Thanks for helping me out guys.


----------



## Cilus (Mar 17, 2012)

^^ Congrats...very nice purchase. That is a beefy PSU and can pull your rig with ease, opening door for future upgrades.


----------



## coderunknown (Mar 17, 2012)

congrats dupe


----------



## JojoTheDragon (Mar 17, 2012)

Thanks guys. 

Waiting eagerly for it to arrive.


----------



## Tenida (Mar 17, 2012)

Congrats Buddy


----------



## dfcols71 (Mar 18, 2012)

for sam
modular smps
Buy Silverstone SST- ST60F-80 Plus SMPS in Mumbai India


----------



## coderunknown (Mar 18, 2012)

^^ thanks for the info. didn't know there are sub5k modular PSU


----------



## JojoTheDragon (Mar 19, 2012)

Got the SMPS today. Its huge, and has a phetora of cables. Looks like my Zebronics cabby is no match for this. It can hardly contain all the cables. Gonna need a new cabinet.


----------



## Tenida (Mar 19, 2012)

You need good cabinet like NZXT GAMMA to manage cables in well manner


----------



## JojoTheDragon (Mar 19, 2012)

I could buy the GAMMA but it wouldn't be future proof in my opinion.
I was thinking about these:

1)Corsair Carbide 400r

2)NZXT Phantom 

3NZXT Phantom 410

And
Does primeagbg charge for shipping ?


----------



## Tenida (Mar 19, 2012)

Better buy cabinet from smcinternational.Primeabgb creates lots of problem while sending cabinet.It can take 2-3 months to send to your place.Skud has also faced similar problem from them.So i would say avoid prime atleast for cabinet.
From your list I choice will be NZXT PHANTOM FULL TOWER or you can also consider coolermaster 690II Advanced usb3 version


----------



## JojoTheDragon (Mar 19, 2012)

Thanks for letting me know about primeabgb. I'll order from flipkart.


----------



## Tenida (Mar 19, 2012)

Yeah I forget about flipkart ....


----------



## vickybat (Mar 19, 2012)

dfcols71 said:


> for sam
> modular smps
> Buy Silverstone SST- ST60F-80 Plus SMPS in Mumbai India



Nice find man. Silverstone psu's are world famous. I guess this can be recommended here. Lets see if we can find a decent review.


----------



## coderunknown (Mar 20, 2012)

JojoTheDragon said:


> Got the SMPS today. Its huge, and has a phetora of cables. Looks like my Zebronics cabby is no match for this. It can hardly contain all the cables. Gonna need a new cabinet.



and weights a lot 



JojoTheDragon said:


> 1)Corsair Carbide 400r



once you check a Carbide, its hard to select anything else even if it cost lot less.



JojoTheDragon said:


> Thanks for letting me know about primeabgb. I'll order from flipkart.

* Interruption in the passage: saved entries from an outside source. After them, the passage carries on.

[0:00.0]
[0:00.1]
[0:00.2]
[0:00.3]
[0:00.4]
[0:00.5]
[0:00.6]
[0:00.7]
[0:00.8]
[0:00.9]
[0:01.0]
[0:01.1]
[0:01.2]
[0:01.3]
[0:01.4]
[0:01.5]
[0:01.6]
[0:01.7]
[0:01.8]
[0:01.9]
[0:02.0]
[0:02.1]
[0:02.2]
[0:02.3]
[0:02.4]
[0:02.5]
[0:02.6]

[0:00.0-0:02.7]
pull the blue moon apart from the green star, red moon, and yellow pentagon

i have checked yesterday. they'll ship to our place with COD


----------



## JojoTheDragon (Mar 22, 2012)

^My head is hovering around the Carbide 400r.

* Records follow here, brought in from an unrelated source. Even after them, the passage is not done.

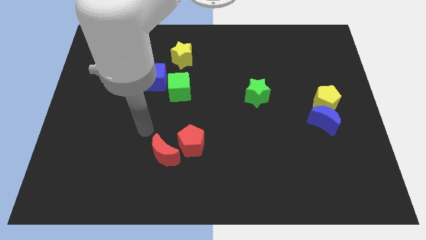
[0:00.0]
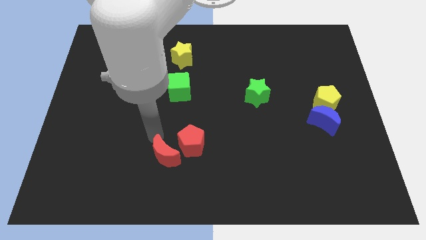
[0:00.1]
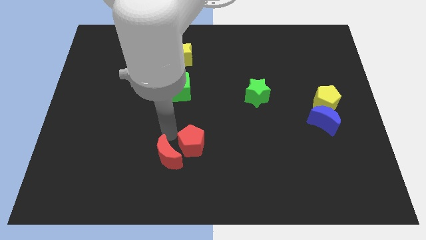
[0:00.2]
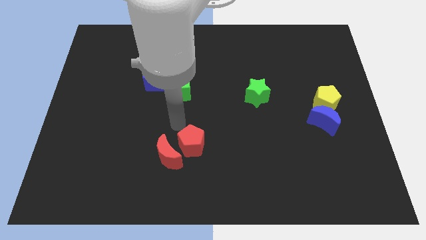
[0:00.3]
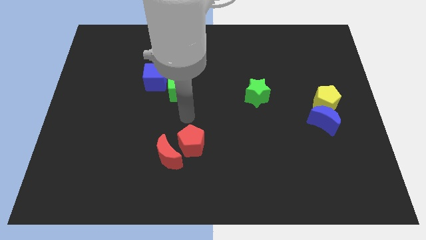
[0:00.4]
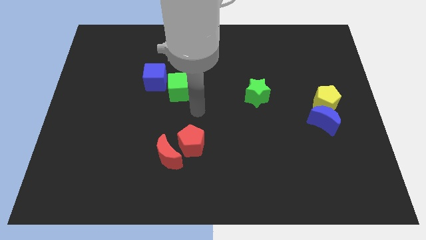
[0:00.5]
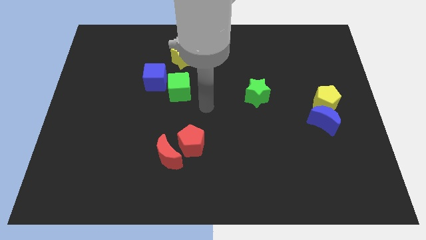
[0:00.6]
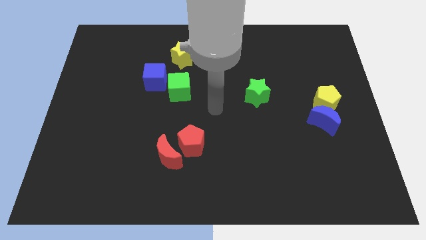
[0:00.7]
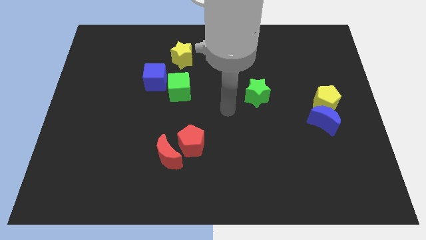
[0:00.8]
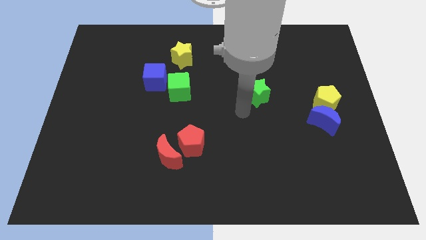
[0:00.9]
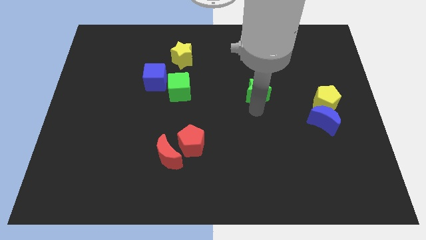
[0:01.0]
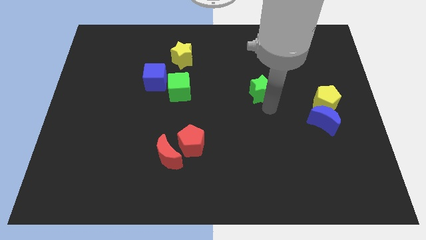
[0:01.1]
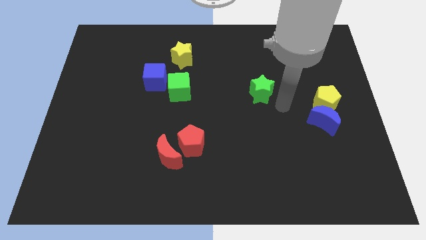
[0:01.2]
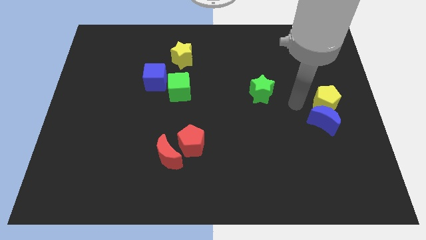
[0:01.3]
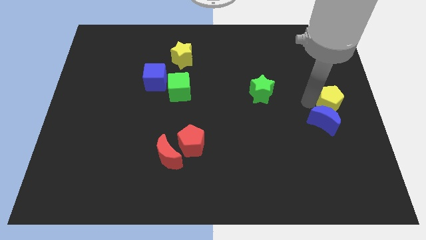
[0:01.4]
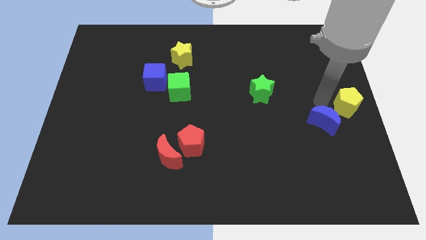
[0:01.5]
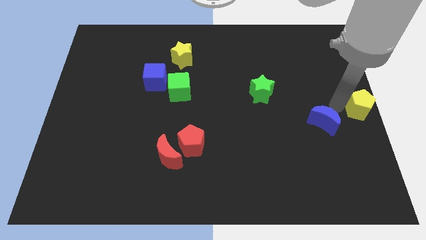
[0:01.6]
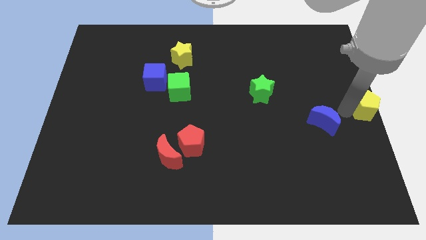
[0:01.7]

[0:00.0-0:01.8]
pull the blue moon apart from the yellow pentagon

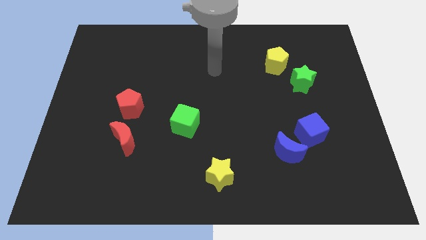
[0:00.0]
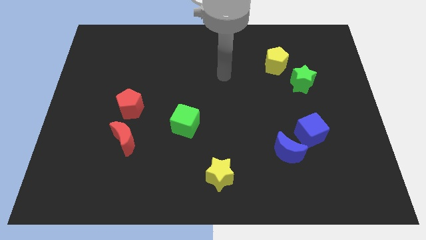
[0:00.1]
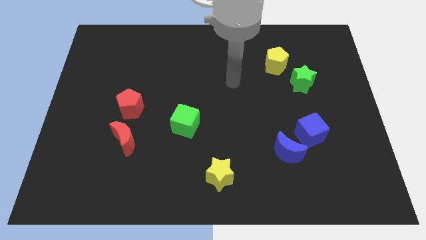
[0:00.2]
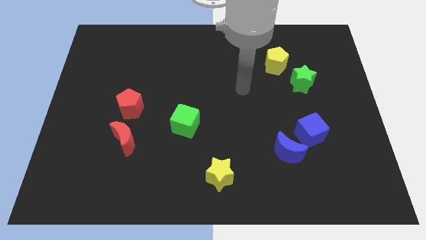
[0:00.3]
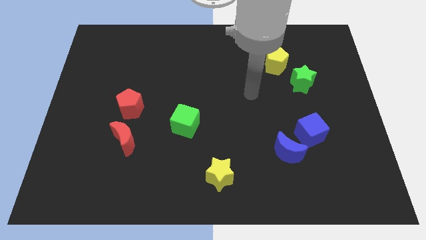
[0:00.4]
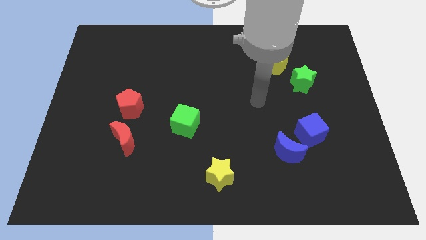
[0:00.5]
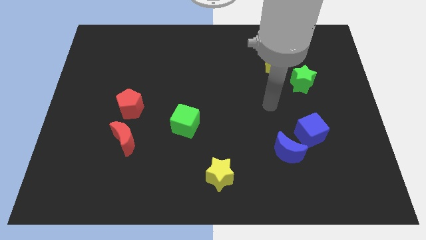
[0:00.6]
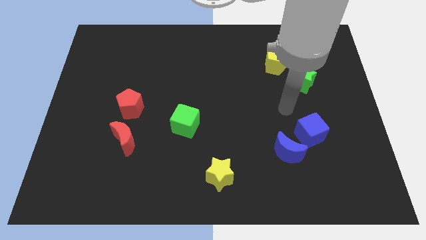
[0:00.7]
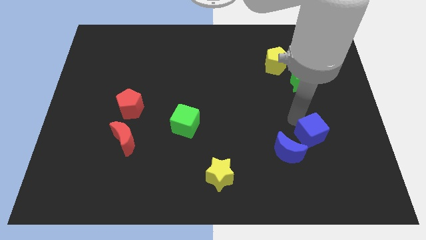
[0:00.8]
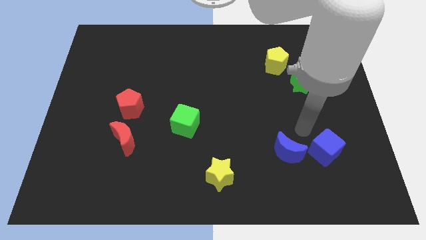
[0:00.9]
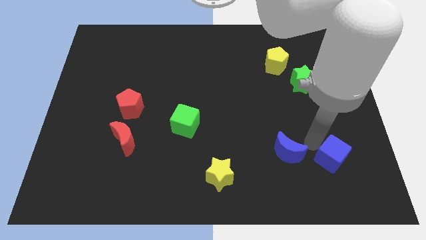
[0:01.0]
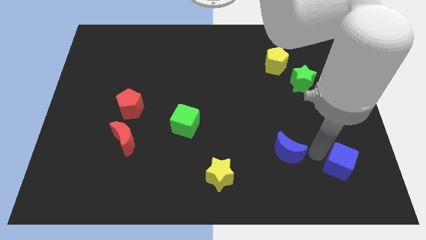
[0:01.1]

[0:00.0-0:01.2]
separate the blue moon from the blue cube

EDIT: Ordered the Corsair Carbide 400r from Flipkart @ 5k .  

Thanks for the help guys.


----------



## saswat23 (Mar 22, 2012)

Congrats buddy.


----------



## coderunknown (Mar 22, 2012)

JojoTheDragon said:


> ^My head is hovering around the Carbide 400r.
> 
> EDIT: Ordered the Corsair Carbide 400r from Flipkart @ 5k .



i know you'll 

congrats. enjoy


----------



## JojoTheDragon (Mar 22, 2012)

^


Thanks guys.


----------



## dfcols71 (Mar 23, 2012)

you can get phantom 410 from itwares even though its not listed rs 6000 
+ rs650


----------



## JojoTheDragon (Mar 27, 2012)

The Corsair 400r arrived today. I transferred everything from the Bijli to the Carbide and **** happenned. The PSU stopped working, Seasonic 620W. I connected a foxin PSU and the mobo's power led lit up and when I connected the Seasonic the power led didn't lit up. 
Totally WTF situation. Drat!

A day wasted.


EDIT: Jump Start Test Failed. FFFFFFFFFFFFF!


----------



## dfcols71 (Mar 27, 2012)

do you connect the psu wire according to mother board manuals disconnect everything and reconnect one more or do the psu tester test google it


----------



## coderunknown (Mar 27, 2012)

ah, sad. bad piece.


----------



## JojoTheDragon (Mar 27, 2012)

Waited 3 months for a good session of gaming. Now this crap.
Contacted ITW, gonna take 2 weeks in total to receive the RMA-ed piece. 

Anyways, please close this thread before I start posting more rants.


----------



## RiGOD (Mar 28, 2012)

^^That's so sad mate. So you send it back or what? You should bear the shipping charges right?


----------